Optimizing a sorting algorithm by replacing the one of the recursion with a another function

Question

Currently I have this sorting algorithm:

public static void sort(int[] A, int i, int j) {
    if (i == j) return;
    if(j == i+1) {
        if(A[i] > A[j]) {
            int temp = A[i];
            A[i] = A[j];
            A[j] = temp;
        }
    } 
    else {
        int k = (int) Math.floor((j-i+1)/3);
        sort(A,i, j-k);
        sort(A,i+k, j);
        sort(A,i,j-k);
    }
}

It's sorting correctly, however, the asymptotic comparison is quite high: with T(n) = 3T(n-f(floor(n/3)) and f(n) = theta(n^(log(3/2)3)

Therefore, I'm currently thinking of replacing the third recursion sort(A,i,j-k) with an newly written, iterative method to optimize the algorithm. However, I'm not really sure how to approach the problem and would love to gather some ideas. Thank you!

Answer 1

If I understand this correct, you first sort the first 2/3 of the list, then the last 2/3, then sort the first 2/3 again. This actually works, since any misplaced items (items in the first or last 2/3 that actually belong into the last or first 1/3) will be shifted and then correctly sorted in the next pass of the algorithm.

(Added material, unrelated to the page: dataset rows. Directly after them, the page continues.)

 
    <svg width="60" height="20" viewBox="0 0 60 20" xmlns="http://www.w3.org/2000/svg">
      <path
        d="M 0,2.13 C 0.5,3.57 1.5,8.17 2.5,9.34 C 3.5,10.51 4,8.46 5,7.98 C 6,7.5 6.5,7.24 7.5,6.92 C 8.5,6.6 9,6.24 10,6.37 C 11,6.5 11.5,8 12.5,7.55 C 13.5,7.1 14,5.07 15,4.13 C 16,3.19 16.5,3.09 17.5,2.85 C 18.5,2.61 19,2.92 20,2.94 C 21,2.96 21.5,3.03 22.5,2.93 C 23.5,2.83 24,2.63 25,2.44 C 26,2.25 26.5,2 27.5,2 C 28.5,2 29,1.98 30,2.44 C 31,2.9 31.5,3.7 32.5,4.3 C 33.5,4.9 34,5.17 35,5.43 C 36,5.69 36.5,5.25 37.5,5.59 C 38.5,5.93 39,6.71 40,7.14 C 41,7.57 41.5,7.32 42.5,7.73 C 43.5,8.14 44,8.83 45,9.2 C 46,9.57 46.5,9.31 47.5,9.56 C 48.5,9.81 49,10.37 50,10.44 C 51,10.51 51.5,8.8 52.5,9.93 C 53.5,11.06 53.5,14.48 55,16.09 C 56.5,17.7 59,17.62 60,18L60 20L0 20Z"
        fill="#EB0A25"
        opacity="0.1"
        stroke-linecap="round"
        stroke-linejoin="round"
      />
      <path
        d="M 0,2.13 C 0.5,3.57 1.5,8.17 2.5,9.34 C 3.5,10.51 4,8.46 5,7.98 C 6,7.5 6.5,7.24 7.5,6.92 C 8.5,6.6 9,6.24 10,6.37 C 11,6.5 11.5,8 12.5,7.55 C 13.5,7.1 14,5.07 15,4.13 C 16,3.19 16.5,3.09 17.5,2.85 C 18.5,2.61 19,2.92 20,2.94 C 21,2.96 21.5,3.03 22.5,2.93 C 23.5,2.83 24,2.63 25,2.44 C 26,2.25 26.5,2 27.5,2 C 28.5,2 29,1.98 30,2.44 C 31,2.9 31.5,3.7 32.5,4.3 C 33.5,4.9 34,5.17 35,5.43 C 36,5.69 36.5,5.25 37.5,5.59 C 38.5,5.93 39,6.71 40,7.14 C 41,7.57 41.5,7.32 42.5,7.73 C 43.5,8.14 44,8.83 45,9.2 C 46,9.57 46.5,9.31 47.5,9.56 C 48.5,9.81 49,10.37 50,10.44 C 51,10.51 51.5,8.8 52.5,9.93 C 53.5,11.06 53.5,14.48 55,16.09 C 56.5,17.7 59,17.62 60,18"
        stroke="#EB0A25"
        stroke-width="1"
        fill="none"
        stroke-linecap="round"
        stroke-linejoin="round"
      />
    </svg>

There are certainly two points that can be optimized:

• in the last step, the first 1/3 and the second 1/3 (and thus the first and second half of the region to sort) are already in sorted order, so instead of doing a full sort, you could just use a merge-algorithm, which should run in O(n)
• instead of sorting the first and last 2/3, and then merging the elements from the overlap into the first 1/3, as explained above, you could sort the first 1/2 and last 1/2 and then merge those parts, without overlap; the total length of array processed is the same (2/3 + 2/3 + 2/3 vs. 1/2 + 1/2 + 2/2), but the merging-part will be faster than the sorting-part

However, after the second "optimization" you will in fact have more or less re-invented Merge Sort.